Excerpted data:

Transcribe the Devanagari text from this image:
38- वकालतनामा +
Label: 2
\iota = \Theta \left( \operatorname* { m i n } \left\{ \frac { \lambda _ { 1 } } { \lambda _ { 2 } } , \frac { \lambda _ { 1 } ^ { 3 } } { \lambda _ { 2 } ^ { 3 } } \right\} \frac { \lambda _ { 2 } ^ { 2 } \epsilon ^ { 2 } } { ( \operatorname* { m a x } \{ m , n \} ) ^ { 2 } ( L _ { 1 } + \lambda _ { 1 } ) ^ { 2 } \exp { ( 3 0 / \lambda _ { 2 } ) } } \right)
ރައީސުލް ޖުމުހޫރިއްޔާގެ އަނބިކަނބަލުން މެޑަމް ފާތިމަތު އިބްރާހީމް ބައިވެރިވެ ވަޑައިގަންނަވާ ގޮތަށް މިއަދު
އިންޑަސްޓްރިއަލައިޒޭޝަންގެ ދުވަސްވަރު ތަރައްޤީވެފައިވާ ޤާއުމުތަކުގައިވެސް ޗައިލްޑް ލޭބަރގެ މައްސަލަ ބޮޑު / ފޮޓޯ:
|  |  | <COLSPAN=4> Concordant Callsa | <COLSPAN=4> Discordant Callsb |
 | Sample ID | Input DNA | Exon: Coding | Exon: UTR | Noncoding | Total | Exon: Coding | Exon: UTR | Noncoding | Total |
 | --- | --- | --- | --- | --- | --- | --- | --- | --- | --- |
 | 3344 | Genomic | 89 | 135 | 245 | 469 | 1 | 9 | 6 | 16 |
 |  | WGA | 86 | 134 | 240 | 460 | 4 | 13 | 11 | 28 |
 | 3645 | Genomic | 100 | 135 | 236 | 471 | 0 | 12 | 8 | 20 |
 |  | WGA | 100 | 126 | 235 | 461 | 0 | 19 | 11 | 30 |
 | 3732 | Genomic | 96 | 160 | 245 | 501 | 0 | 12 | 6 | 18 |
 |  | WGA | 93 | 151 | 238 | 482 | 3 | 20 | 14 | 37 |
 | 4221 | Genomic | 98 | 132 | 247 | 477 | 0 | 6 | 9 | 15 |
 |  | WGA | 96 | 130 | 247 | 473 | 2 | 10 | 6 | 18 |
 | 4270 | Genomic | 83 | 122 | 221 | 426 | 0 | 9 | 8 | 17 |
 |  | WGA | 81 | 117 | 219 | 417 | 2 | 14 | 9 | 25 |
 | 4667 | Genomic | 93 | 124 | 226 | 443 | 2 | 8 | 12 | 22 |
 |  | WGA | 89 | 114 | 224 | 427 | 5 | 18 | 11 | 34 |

How to complete this task:
Return, word for word, each line from the line that contains "Discordant Callsb |" to the end of the listing above; include both end lines and nothing else.

The answer:
|  |  | <COLSPAN=4> Concordant Callsa | <COLSPAN=4> Discordant Callsb |
 | Sample ID | Input DNA | Exon: Coding | Exon: UTR | Noncoding | Total | Exon: Coding | Exon: UTR | Noncoding | Total |
 | --- | --- | --- | --- | --- | --- | --- | --- | --- | --- |
 | 3344 | Genomic | 89 | 135 | 245 | 469 | 1 | 9 | 6 | 16 |
 |  | WGA | 86 | 134 | 240 | 460 | 4 | 13 | 11 | 28 |
 | 3645 | Genomic | 100 | 135 | 236 | 471 | 0 | 12 | 8 | 20 |
 |  | WGA | 100 | 126 | 235 | 461 | 0 | 19 | 11 | 30 |
 | 3732 | Genomic | 96 | 160 | 245 | 501 | 0 | 12 | 6 | 18 |
 |  | WGA | 93 | 151 | 238 | 482 | 3 | 20 | 14 | 37 |
 | 4221 | Genomic | 98 | 132 | 247 | 477 | 0 | 6 | 9 | 15 |
 |  | WGA | 96 | 130 | 247 | 473 | 2 | 10 | 6 | 18 |
 | 4270 | Genomic | 83 | 122 | 221 | 426 | 0 | 9 | 8 | 17 |
 |  | WGA | 81 | 117 | 219 | 417 | 2 | 14 | 9 | 25 |
 | 4667 | Genomic | 93 | 124 | 226 | 443 | 2 | 8 | 12 | 22 |
 |  | WGA | 89 | 114 | 224 | 427 | 5 | 18 | 11 | 34 |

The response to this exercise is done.